■ **Your assignment**
Scan the entries for the string "opacity" and give the number of lines that have it, nothing further.

++++

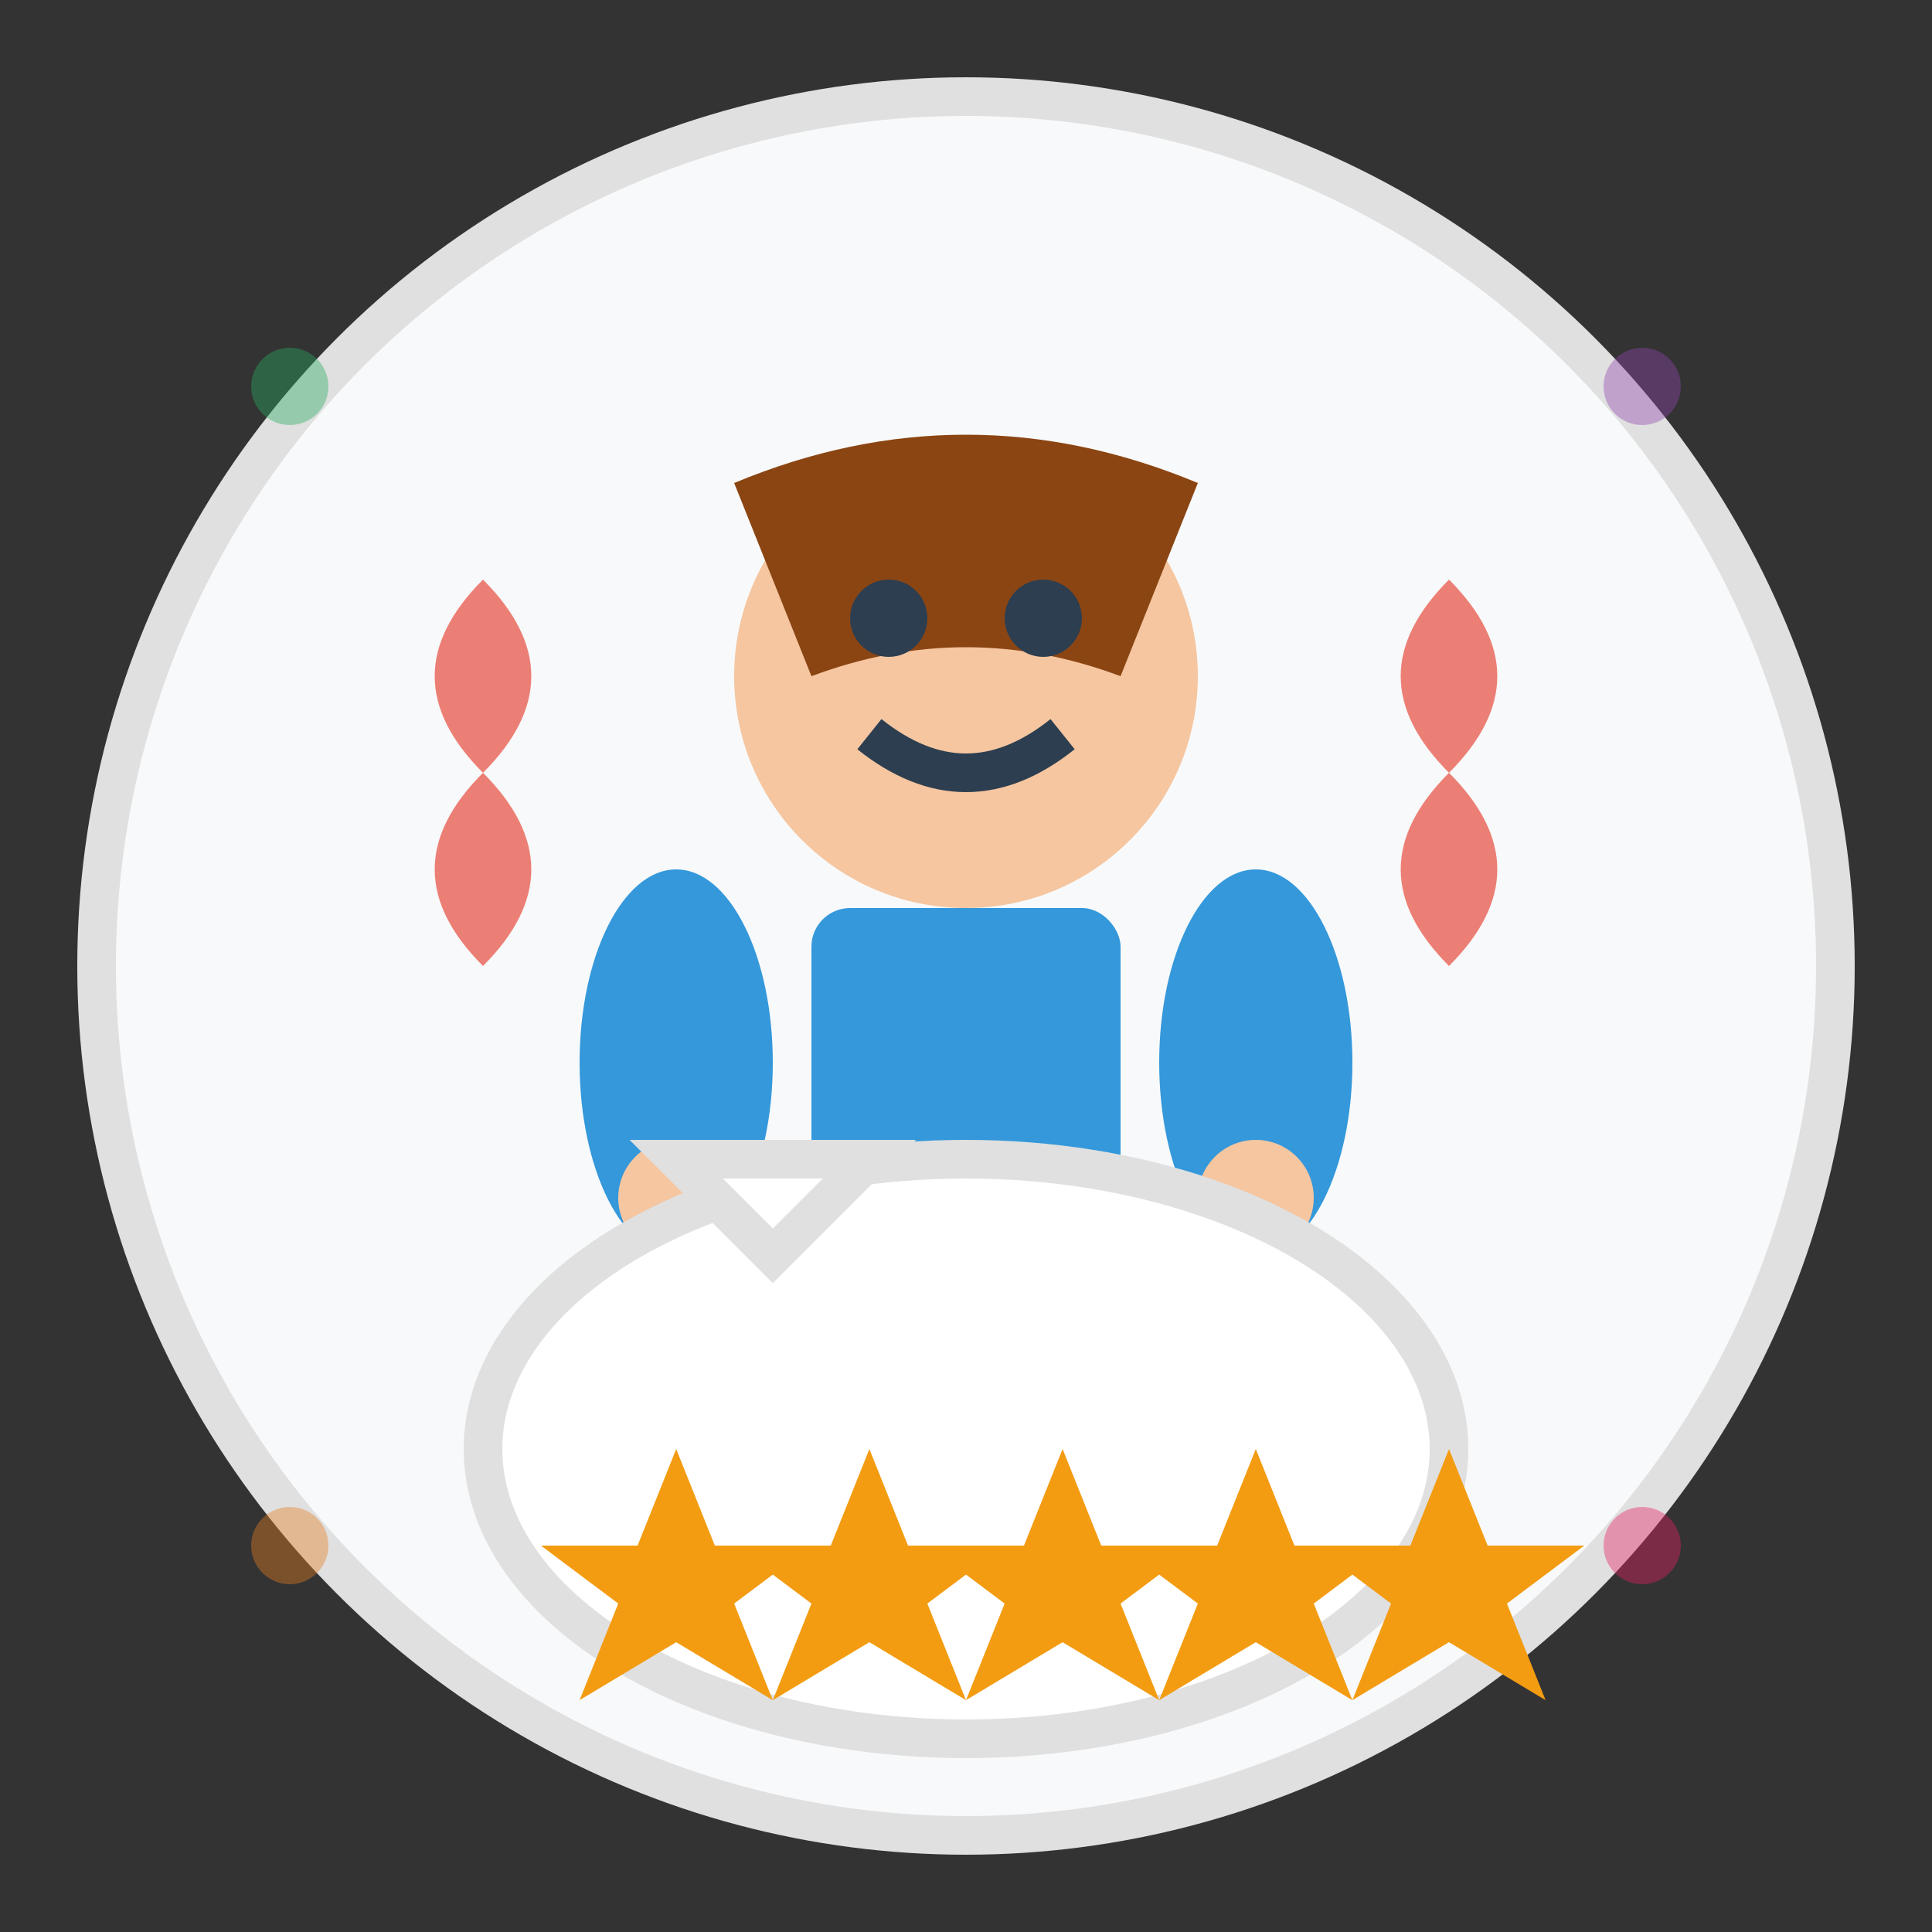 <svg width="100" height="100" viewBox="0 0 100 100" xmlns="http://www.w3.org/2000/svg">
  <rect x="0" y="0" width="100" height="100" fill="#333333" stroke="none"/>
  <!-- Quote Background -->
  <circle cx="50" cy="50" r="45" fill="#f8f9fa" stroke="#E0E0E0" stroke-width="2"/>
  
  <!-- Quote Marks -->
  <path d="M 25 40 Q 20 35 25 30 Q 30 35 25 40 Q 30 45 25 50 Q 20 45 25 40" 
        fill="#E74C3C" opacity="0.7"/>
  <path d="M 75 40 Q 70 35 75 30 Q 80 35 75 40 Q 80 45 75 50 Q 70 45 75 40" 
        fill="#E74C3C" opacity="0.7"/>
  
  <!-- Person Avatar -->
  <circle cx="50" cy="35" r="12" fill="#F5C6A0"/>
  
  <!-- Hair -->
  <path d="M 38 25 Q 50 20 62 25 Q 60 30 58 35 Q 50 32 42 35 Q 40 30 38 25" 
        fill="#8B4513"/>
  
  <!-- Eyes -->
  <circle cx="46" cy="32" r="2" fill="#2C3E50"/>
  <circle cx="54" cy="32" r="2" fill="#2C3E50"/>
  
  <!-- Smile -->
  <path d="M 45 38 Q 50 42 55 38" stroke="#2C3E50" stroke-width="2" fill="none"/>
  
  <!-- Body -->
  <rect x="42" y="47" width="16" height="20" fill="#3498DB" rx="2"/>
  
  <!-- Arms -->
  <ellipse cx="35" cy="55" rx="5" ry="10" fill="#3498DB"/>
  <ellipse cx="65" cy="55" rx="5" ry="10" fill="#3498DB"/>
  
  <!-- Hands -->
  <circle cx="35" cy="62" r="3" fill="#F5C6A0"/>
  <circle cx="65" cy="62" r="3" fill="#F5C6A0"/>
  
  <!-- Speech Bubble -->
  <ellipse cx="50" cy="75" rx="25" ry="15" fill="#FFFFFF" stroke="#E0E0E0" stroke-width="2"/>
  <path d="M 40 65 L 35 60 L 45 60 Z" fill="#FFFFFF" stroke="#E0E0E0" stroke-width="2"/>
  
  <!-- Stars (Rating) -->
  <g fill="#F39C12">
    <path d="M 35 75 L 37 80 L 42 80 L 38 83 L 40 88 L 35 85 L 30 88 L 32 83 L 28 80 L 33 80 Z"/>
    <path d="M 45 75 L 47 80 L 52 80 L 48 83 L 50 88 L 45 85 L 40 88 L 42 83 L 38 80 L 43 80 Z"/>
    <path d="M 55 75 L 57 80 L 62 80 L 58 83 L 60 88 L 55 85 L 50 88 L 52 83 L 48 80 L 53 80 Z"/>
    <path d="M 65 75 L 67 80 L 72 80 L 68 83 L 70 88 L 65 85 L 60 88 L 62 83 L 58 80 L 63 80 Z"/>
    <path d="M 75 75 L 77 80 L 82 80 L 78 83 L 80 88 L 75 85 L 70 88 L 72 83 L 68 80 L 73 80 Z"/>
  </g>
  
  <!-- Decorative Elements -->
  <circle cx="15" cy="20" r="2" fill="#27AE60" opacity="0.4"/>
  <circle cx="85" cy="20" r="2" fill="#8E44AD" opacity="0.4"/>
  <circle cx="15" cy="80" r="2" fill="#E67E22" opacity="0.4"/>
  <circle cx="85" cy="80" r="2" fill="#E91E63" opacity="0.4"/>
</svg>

++++

■ **Task solution**
6